Today was a Very Snowy Day.
Yesterday, the snow came down all day, and today my street looked like this:
I live on a street with both apartment houses and university buildings, and you can see the mix in this picture. The snow was at least two feet deep everywhere I walked, except of course where the streets and sidewalks had been plowed. (That’s one nice thing about living in the city: all the plowing is done for you.) As I walked around the neighborhood, I stopped to take a picture of myself reflected in the post office window:
That’s me dressed for winter in a Land’s End jacket and Timberland boots. When you live in Boston, you have to be ready for winter weather. I walked around a bit, watching the students enjoying the snow. We have so many students here from other parts of the country, and from all over the world; some of them have never seen snow until they arrive in Boston. Today, I saw students building forts, having snowball fights, and taking pictures of themselves having the New England university experience. By Monday, the city will be moving again, and they will all be in classes.
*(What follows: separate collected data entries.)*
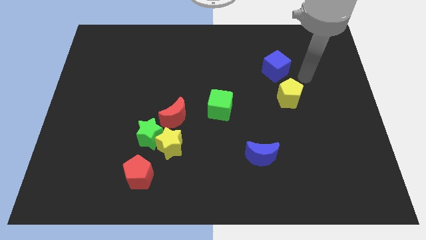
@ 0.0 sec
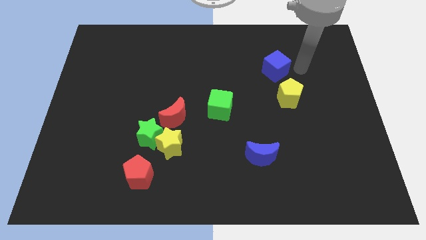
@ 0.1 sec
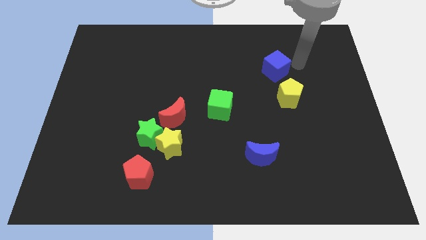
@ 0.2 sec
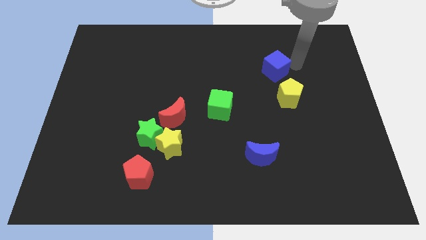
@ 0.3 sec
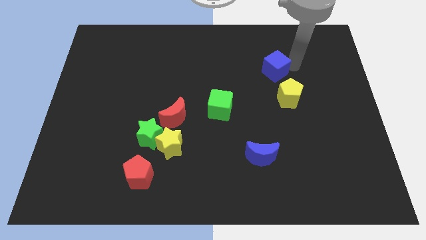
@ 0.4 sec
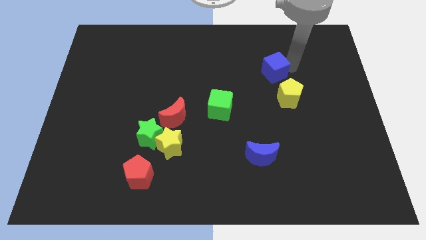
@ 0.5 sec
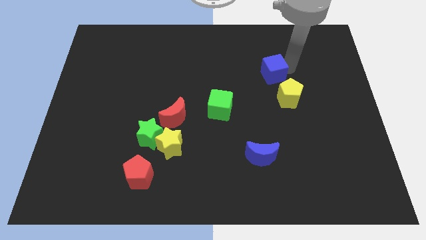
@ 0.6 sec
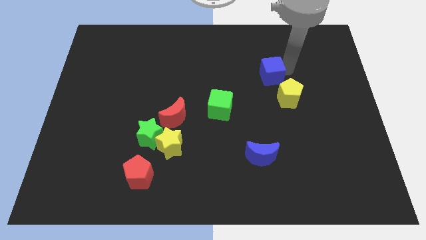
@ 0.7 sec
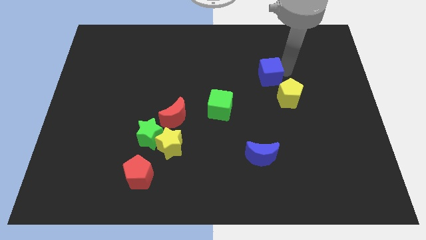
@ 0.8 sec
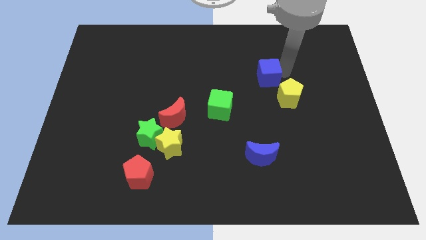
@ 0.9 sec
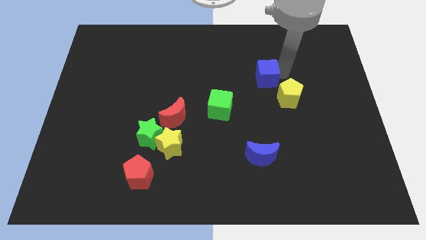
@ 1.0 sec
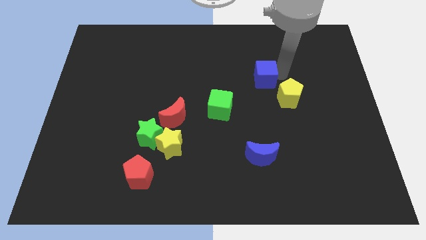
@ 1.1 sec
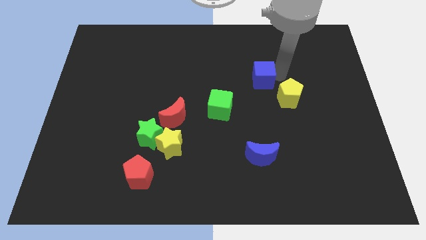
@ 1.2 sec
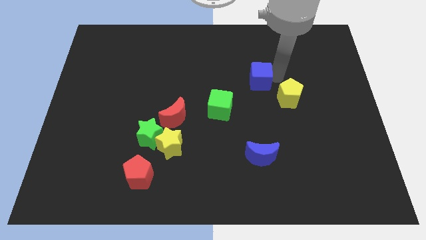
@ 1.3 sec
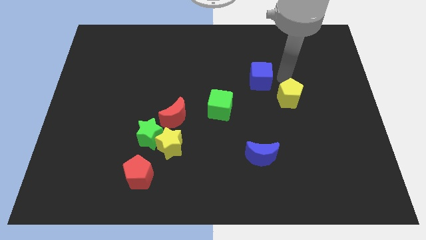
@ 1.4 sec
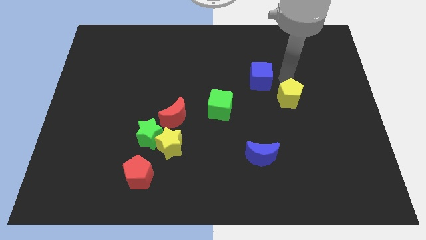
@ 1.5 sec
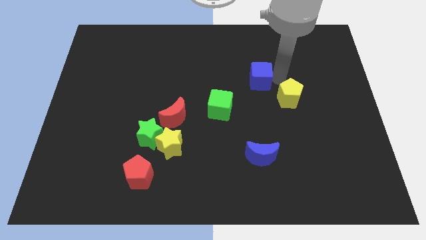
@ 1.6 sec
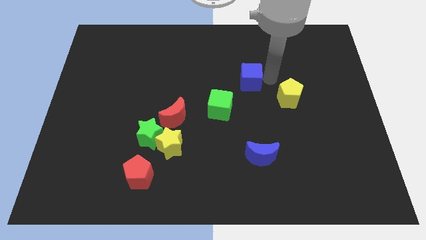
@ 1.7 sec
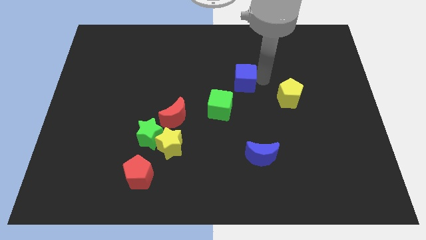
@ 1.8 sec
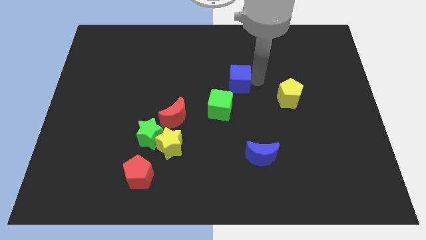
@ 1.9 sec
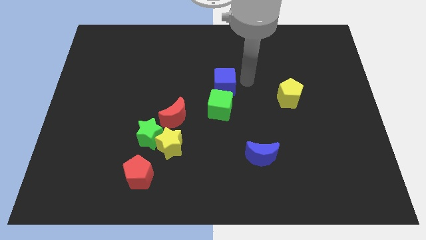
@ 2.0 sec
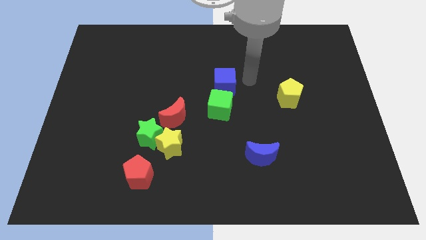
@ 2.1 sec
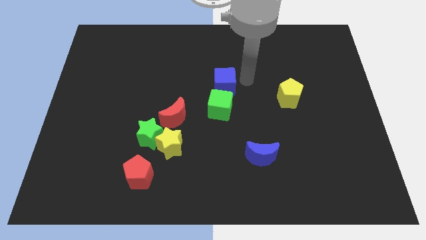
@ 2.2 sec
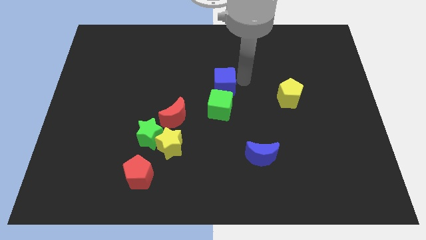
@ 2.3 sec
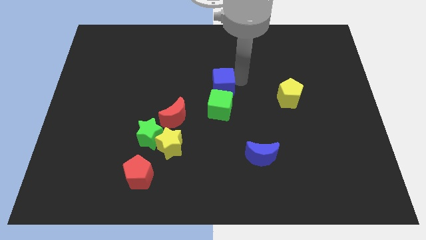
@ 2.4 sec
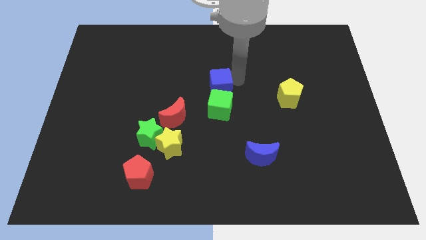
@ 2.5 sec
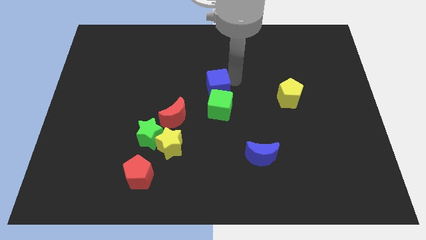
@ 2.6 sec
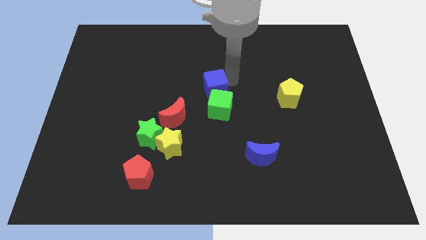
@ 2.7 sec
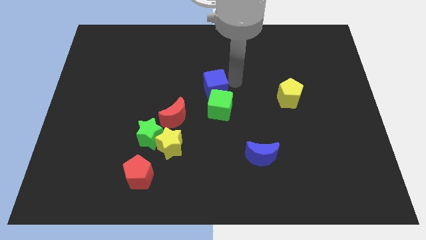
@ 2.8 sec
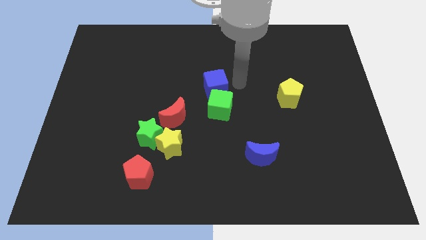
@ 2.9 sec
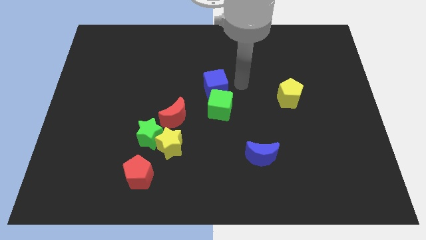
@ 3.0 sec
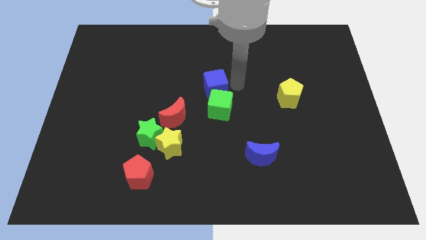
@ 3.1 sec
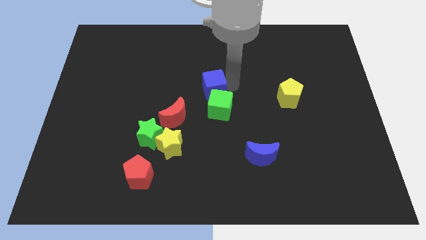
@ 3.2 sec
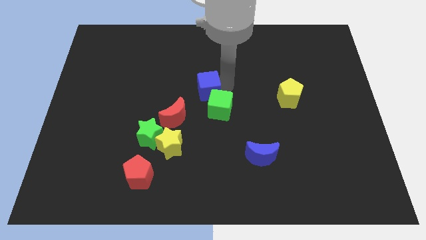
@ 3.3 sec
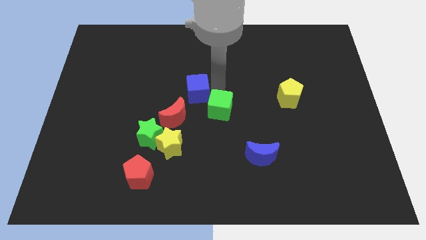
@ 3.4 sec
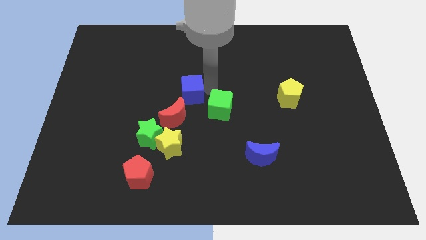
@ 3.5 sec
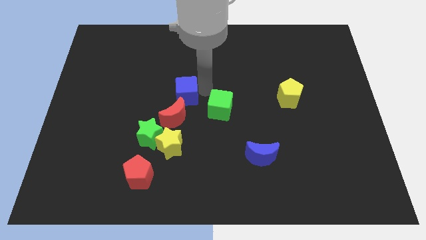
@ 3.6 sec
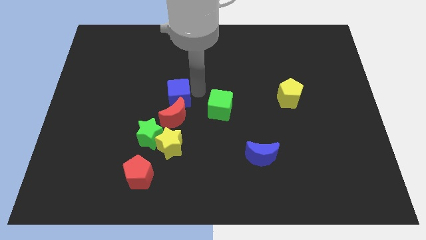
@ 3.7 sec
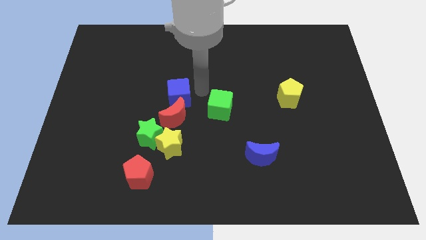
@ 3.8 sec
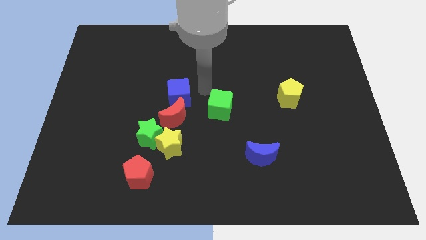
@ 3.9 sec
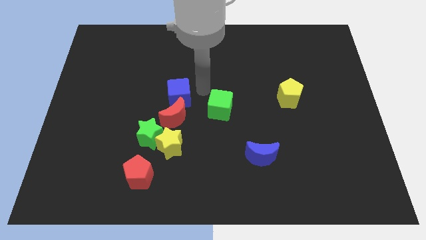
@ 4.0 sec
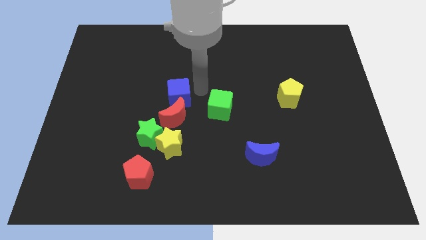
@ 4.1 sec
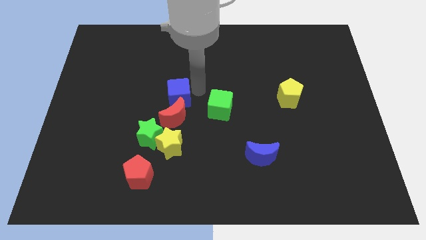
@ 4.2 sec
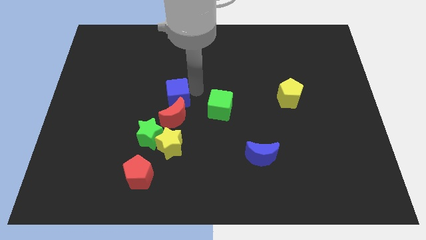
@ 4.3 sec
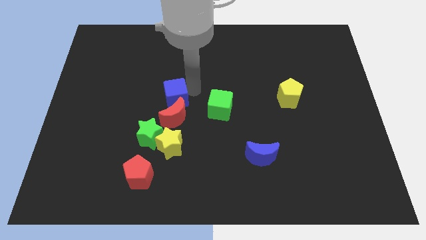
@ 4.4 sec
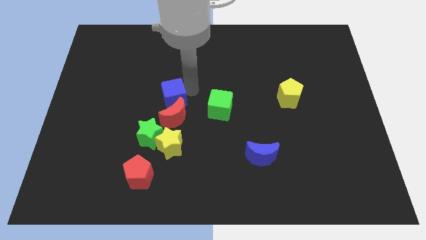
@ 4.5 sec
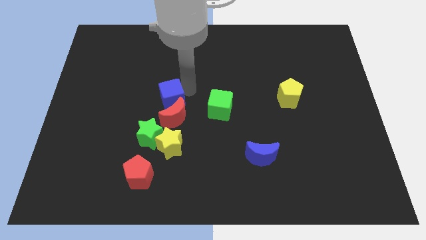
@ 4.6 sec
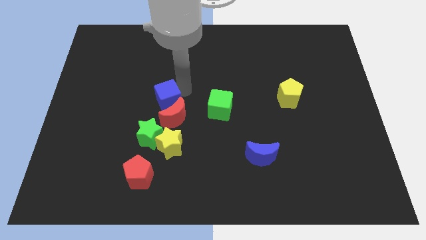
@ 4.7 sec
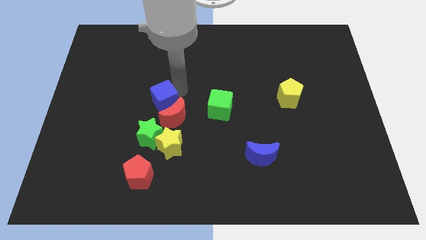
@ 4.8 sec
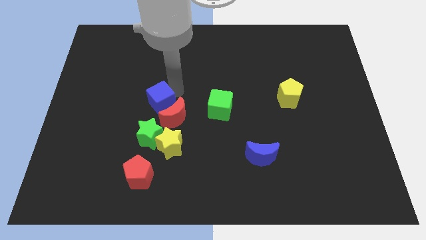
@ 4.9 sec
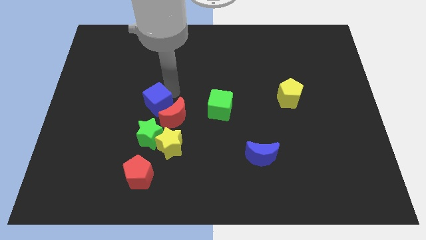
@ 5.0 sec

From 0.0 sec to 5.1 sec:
put the blue cube to the left of the red moon

I walked back to my building, which looked very much as it probably had on a winter day a hundred years ago:
It was nice to have a quiet weekend, because usually I’m so busy. This is a transitional period for me: I’m still doing all the things I was doing, and I’ve started doing all the things I’m going to be doing, and those are going on at the same time, which is exhausting. That will be my life for the next few weeks, although after that it will get easier. Transitional times are hard . . . But they’re necessary, because otherwise you can’t actually get anywhere. You have to go through the transitions.
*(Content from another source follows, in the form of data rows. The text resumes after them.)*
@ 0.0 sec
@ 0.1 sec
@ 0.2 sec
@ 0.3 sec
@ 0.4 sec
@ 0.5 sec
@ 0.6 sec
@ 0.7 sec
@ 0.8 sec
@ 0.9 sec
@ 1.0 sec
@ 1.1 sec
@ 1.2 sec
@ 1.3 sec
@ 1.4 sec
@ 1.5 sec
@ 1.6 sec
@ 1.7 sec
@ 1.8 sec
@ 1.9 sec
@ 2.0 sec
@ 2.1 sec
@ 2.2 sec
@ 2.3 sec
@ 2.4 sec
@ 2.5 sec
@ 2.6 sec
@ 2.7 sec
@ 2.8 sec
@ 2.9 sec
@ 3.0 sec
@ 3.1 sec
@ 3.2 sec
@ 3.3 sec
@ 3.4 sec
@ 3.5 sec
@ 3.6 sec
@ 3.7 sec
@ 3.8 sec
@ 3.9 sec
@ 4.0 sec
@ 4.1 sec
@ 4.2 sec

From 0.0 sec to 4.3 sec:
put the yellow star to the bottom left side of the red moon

There’s something I do to help me through them, a sort of mental game I play. I pretend to be the person who has already gone through the transition. I’ll give you an example. In the next month or so, I need to lose five pounds. (Don’t even start: I know that I’m perfectly healthy at my current weight. But I dance, and when I go to events I get photographed, and I know the weight I prefer to be, which is five pounds less than my current weight. Any less than that, and I start to look underweight.) So I think, what sort of person would weight five pounds less than I do now? Let’s call her Theo. Well, Theo would not be in the bad habit of staying up late at night, which would leave her tired and hungry and in need of a midnight snack. She would take care of her health, which means getting enough sleep and exercise. So the mental game is pretending to be Theo. I think, what would Theo do? And even more importantly, how would Theo think? And then I try to do and think that.
It just occurred to me, as I was writing this, that I actually have a picture of Theo. Here she is, just after her ballet class:
Doesn’t she look responsible, as though she’s sleeping and eating right? I wish I could be her all the time . . . But for now at least I can pretend, and that actually helps me through the transition, whether it’s a transition to being healthier, or having the career and life I want. Transitions are hard, and in some sense we’re in transition all the time, because life never stays still. But the major transitions, those times in our lives when we’re changing rapidly, and it feels as though the earth is shifting beneath our feet — those are when it can help to visualize who you will be after the transition is over, and pretend to already be her.
I play that same trick on myself when I have to travel. On account of certain childhood experiences I often have anxieties about going away on a trip that make the task of packing almost impossible. So I pretend that I’m already in the hotel room at my destination, merely packing to come back home. That immediately dissolves the frozen molasses that my brain is trying to swim through.
Your projection of yourself as ‘Theo’ sounds like a helpful tool to become her as your pounds melt away and you arrive at the place where she begins. I am transitioning from a place of undiagnosed health issues to knowing what my condition is and that I will not be cured. It makes me want to be bolder, more active, more decisive now that I know the score. The other me is coping much better with the news than I am at the moment, but I’ll get there. Thanks for posting.